SAP Cloud Platform Security Services

The SAP Cloud Platform offers three security services to authenticate and provision users and privileges across the SAP cloud applications, as well as to manage them from a governance perspective.

SAP Cloud Platform Identity Authentication Service (IAS)

SAP Cloud Platform Identity Authentication service enables organizations to provide their employees, customers and partners with cloud-based access to the enterprise processes, applications and data they need. Authentication mechanisms such as single sign-on functionality, on-premise integration and self-service options are built-in features for SAP cloud applications.

OAuth is an open security protocol that replaces a person’s username and password with a token. As a result, OAuth clients provide secure delegated access to server resources on behalf of a resource owner. The SAP Cloud Platform supports the OAuth 2.0 protocol as a method of protecting application APIs and resources.

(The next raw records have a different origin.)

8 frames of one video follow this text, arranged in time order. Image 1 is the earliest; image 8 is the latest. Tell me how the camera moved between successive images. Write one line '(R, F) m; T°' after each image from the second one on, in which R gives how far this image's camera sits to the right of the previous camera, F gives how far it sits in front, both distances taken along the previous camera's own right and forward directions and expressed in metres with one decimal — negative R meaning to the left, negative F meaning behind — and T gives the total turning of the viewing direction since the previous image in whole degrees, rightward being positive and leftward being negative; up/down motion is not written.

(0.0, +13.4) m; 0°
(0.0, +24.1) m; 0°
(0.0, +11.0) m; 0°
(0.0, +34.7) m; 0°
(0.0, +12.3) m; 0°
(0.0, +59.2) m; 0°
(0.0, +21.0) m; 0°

Learn more about IAS here.

SAP Cloud Platform Identity Provisioning Service (IPS)

SAP Cloud Platform Identity Provisioning automates identity lifecycle processes. It enables you to provision identities and their authorizations to various cloud and on-premise business applications. Identity provisioning software improves IT security and reduces compliance costs. User accounts and permissions can be automated. Existing identity stores, such as enterprise-based Active Directory, can be used to provide support for heterogeneous landscapes. 

In addition to deploying on-premise or third-party cloud users to SAP cloud applications, customers can also provide the appropriate user permissions for each SAP cloud application during the deployment process. This is done by defining the access policies before the deployment process and by mapping the user groups to the user roles in the cloud. In addition, SAP Cloud Platform supports dynamic role assignment.

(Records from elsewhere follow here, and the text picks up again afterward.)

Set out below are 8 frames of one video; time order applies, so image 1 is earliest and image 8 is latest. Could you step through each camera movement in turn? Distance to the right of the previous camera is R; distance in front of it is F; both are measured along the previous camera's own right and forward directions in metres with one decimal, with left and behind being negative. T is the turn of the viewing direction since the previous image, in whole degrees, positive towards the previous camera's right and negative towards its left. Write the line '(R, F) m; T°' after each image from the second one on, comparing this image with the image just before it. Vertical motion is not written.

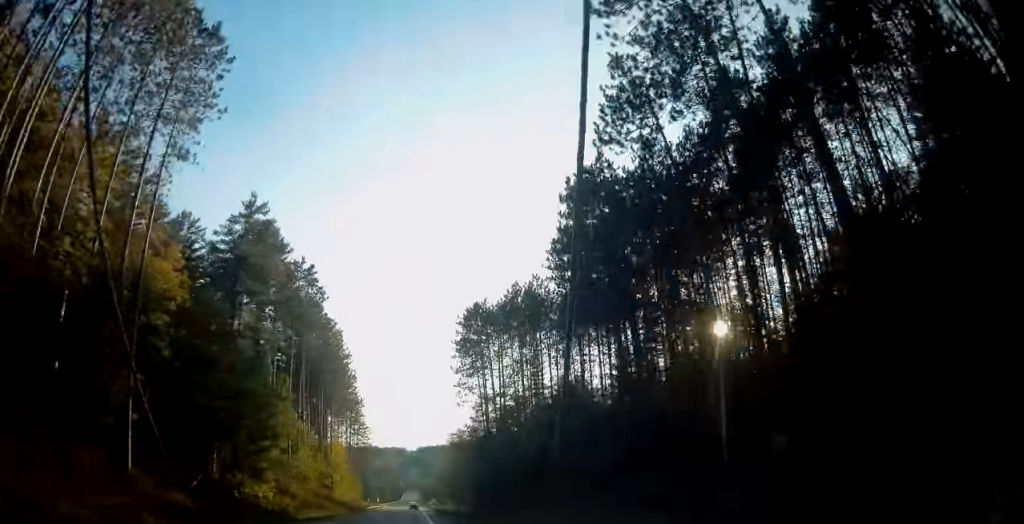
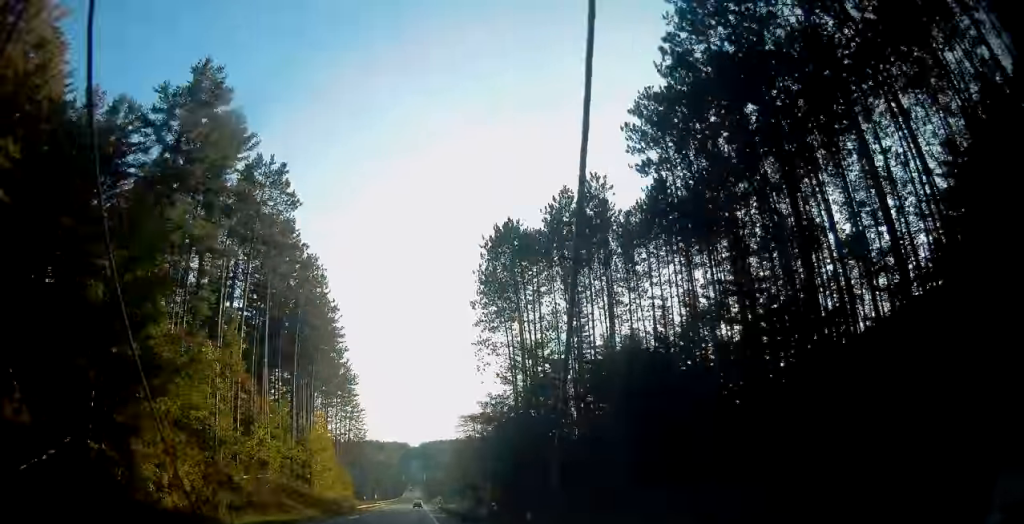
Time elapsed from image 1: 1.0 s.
(+0.3, +22.5) m; +1°
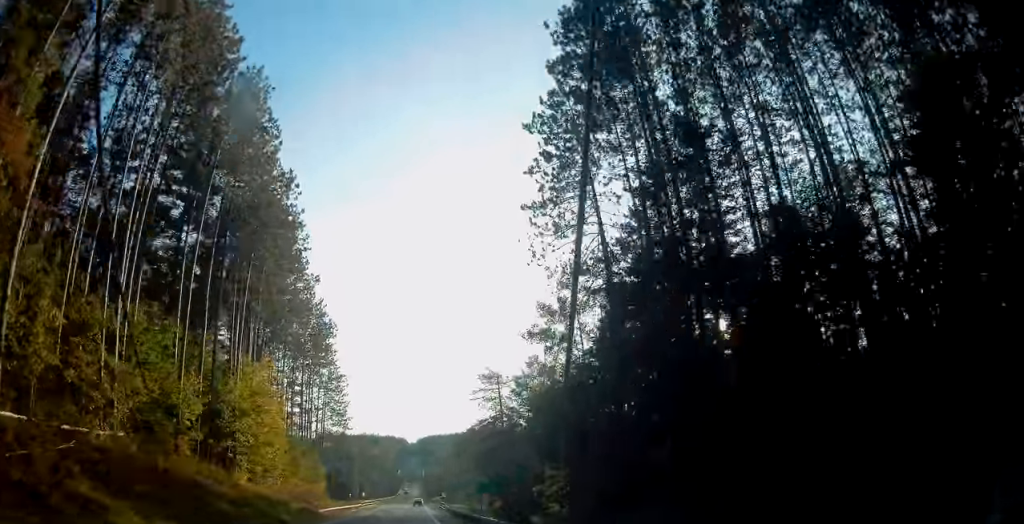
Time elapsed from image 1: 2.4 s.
(0.0, +31.2) m; -1°
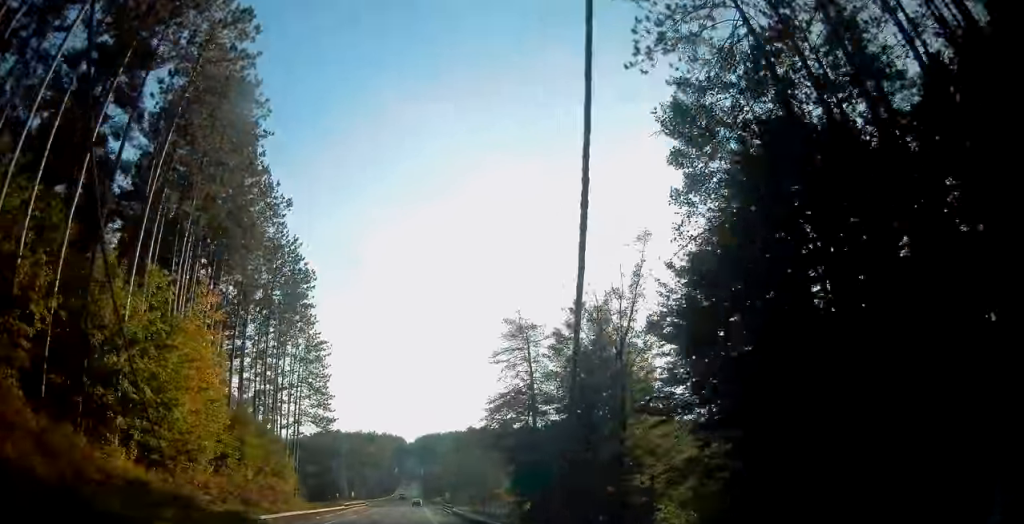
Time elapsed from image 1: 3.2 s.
(-0.3, +18.7) m; 0°
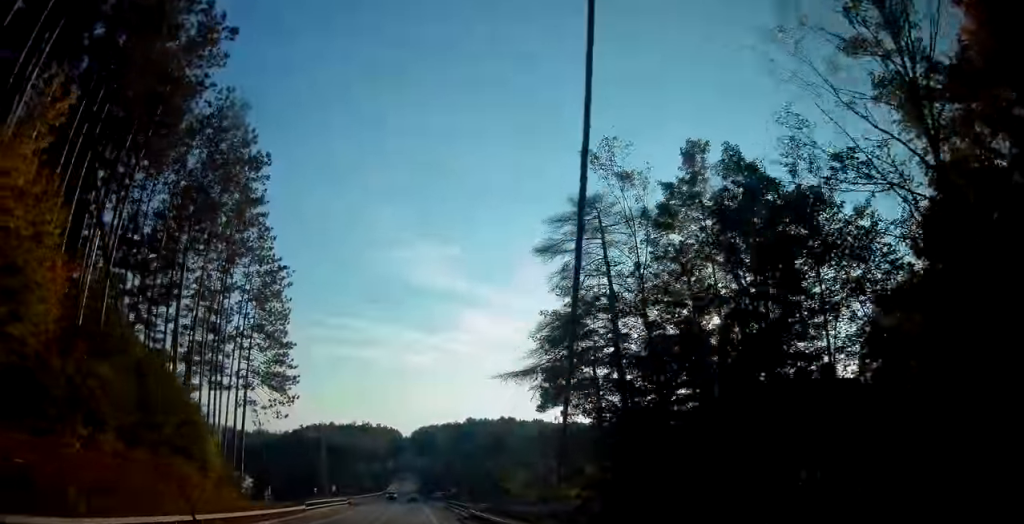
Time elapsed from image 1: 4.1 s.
(0.0, +22.1) m; 0°
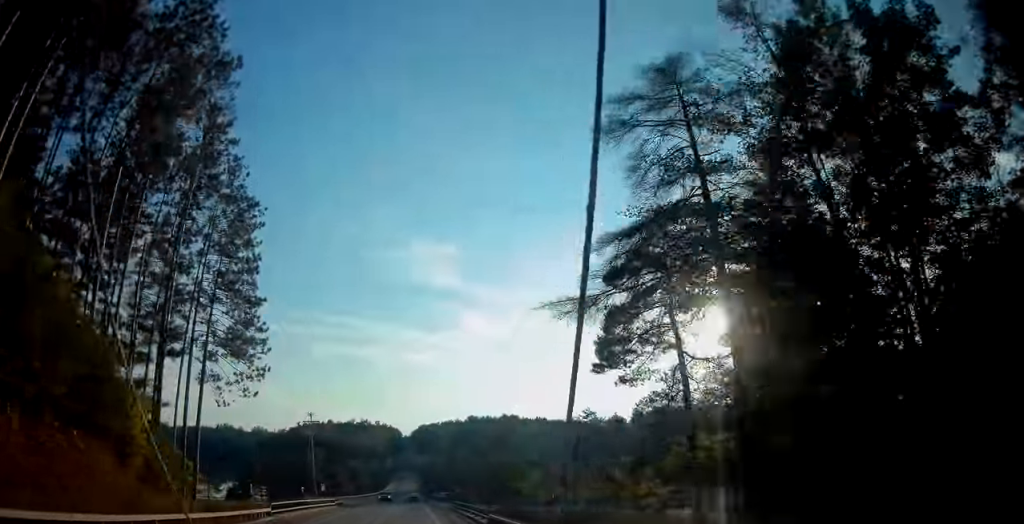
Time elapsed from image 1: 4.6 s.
(+0.1, +11.1) m; 0°
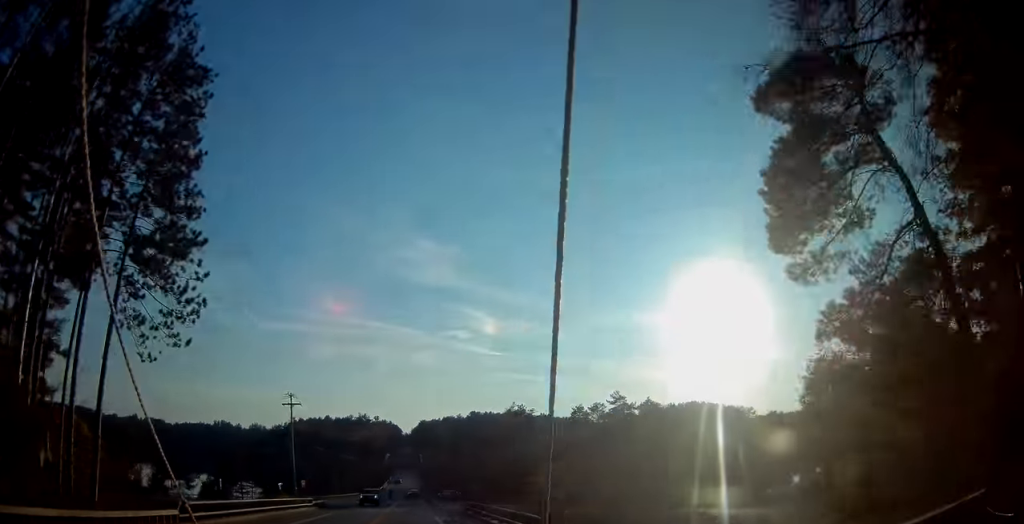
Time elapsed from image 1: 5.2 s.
(0.0, +14.1) m; 0°
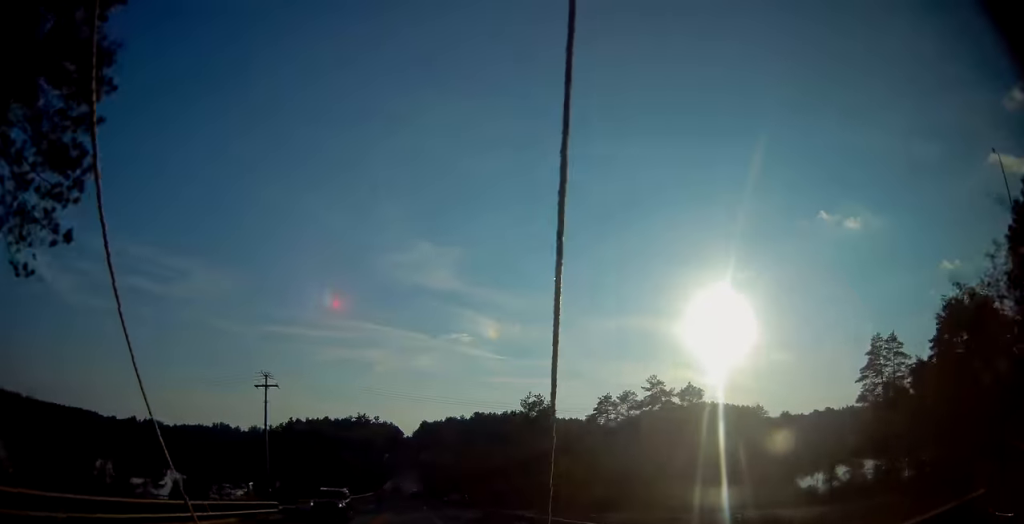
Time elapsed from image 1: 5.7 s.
(0.0, +13.2) m; 0°

SAP Cloud Identity Access Governance (IAG)

SAP Cloud Identity Access Governance service offers a range of identity and access management capabilities, including (among others) self-service access requests for on-premise and cloud applications, access risk analysis, and role design. Each of the services that come with SAP Cloud IAG can work independently or in combination with one another.

Learn more about IAG here.

FAQs

Is the SAP Cloud Platform based on SAP NetWeaver ABAP?

The SAP Cloud Platform is not based on an SAP NetWeaver ABAP. However, with the SAP Cloud Platform ABAP environment, you can develop ABAP code in the cloud.

Which open standards does SAP Cloud Platform integrate with?

SAP Cloud Platform relies on open standards like Java, JavaScript, Node.js, and Cloud Foundry for integration options.

Can you host the SCP on Microsoft Azure, Google Cloud, or Amazon’s AWS?

The SAP Cloud Platform is a platform-as-a-service (PaaS) offering from SAP that cannot be hosted elsewhere. You can, however, host your on-premise SAP S/4HANA system on Microsoft Azure and connect to SCP.

Who is responsible for SAP security in SCP?

The responsibility in SCP is shared between the service provider of the cloud (SAP) and the customer’s SAP security team. That’s why it’s important that contracts are put in place that clearly define the responsibilities and liabilities of all parties involved. 

How do you manage identities in SCP?

Identity management can be achieved by using the IPS as your identity provider. 

Conclusion

SAP Cloud Platform (SCP) is a PaaS (platform-as-a-service) offering from SAP that provides services for the development, integration and deployment of modern cloud applications, as well as for customer-specific expansion of cloud and on-premise landscapes. 

Securing the cloud platform is a mixed responsibility between the provider (SAP) and the customer. While the platform security is handled by SAP, customers are still responsible for taking care of the users of the cloud solutions. 

With the SAP Cloud Platform security services, you can authenticate and provision your end-users to SAP’s cloud services and applications. An access governance structure, similar to what SAP Access Control (GRC) offers on-premise, can be achieved with the IAG service.